→ Try it
Reproduce the records precisely. Omit every picture.

→ Input records
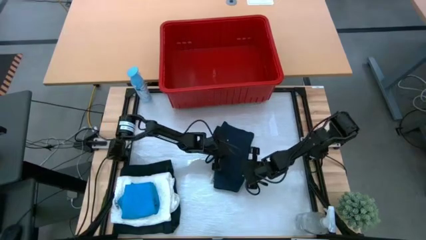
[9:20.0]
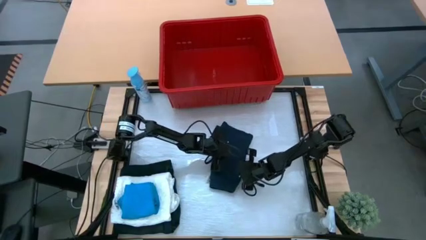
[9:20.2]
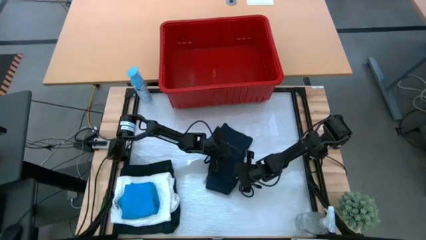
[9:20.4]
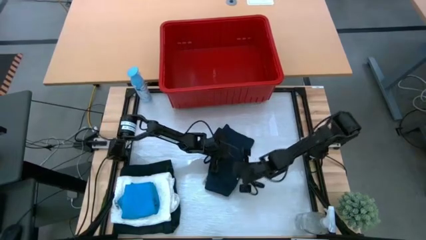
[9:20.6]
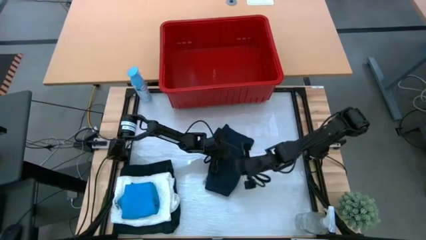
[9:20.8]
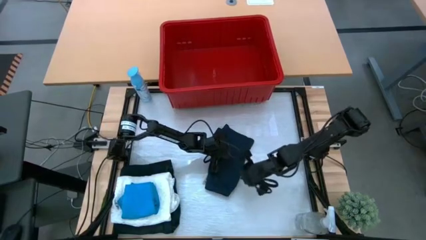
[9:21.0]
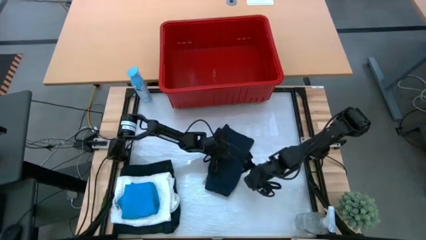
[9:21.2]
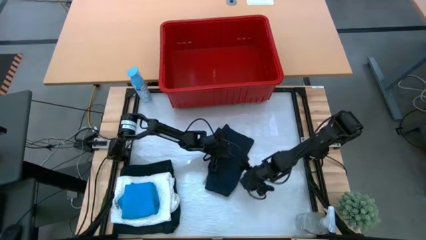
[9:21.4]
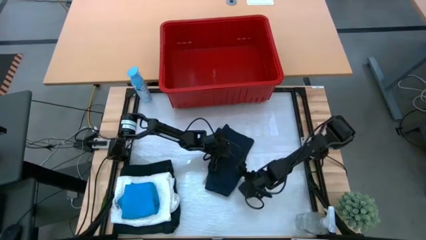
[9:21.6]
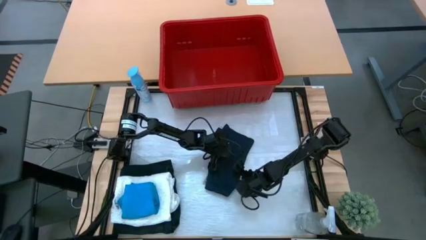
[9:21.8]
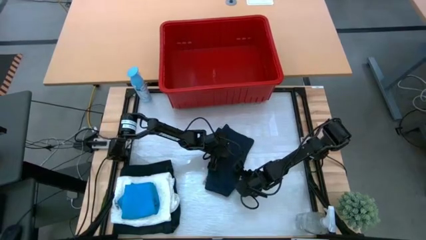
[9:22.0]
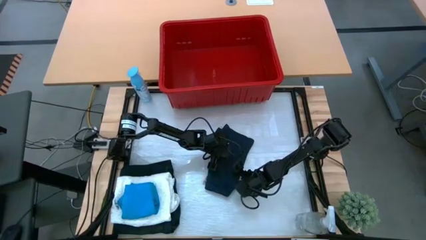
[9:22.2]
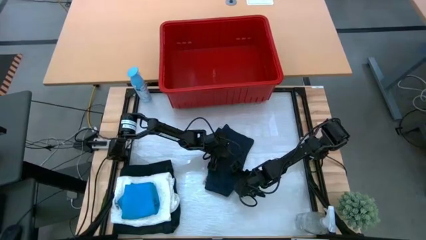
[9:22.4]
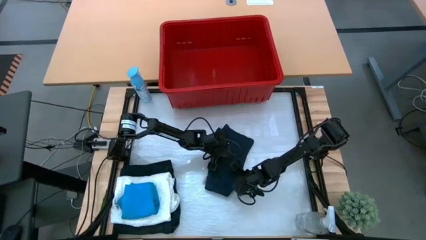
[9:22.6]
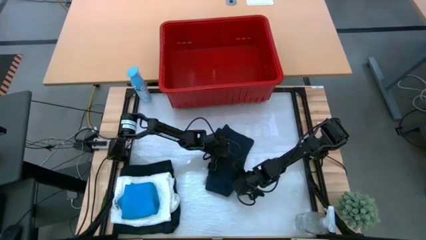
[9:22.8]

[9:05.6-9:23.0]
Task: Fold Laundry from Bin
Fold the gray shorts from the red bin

→ Task solution
[9:20.0]
[9:20.2]
[9:20.4]
[9:20.6]
[9:20.8]
[9:21.0]
[9:21.2]
[9:21.4]
[9:21.6]
[9:21.8]
[9:22.0]
[9:22.2]
[9:22.4]
[9:22.6]
[9:22.8]

[9:05.6-9:23.0]
Task: Fold Laundry from Bin
Fold the gray shorts from the red bin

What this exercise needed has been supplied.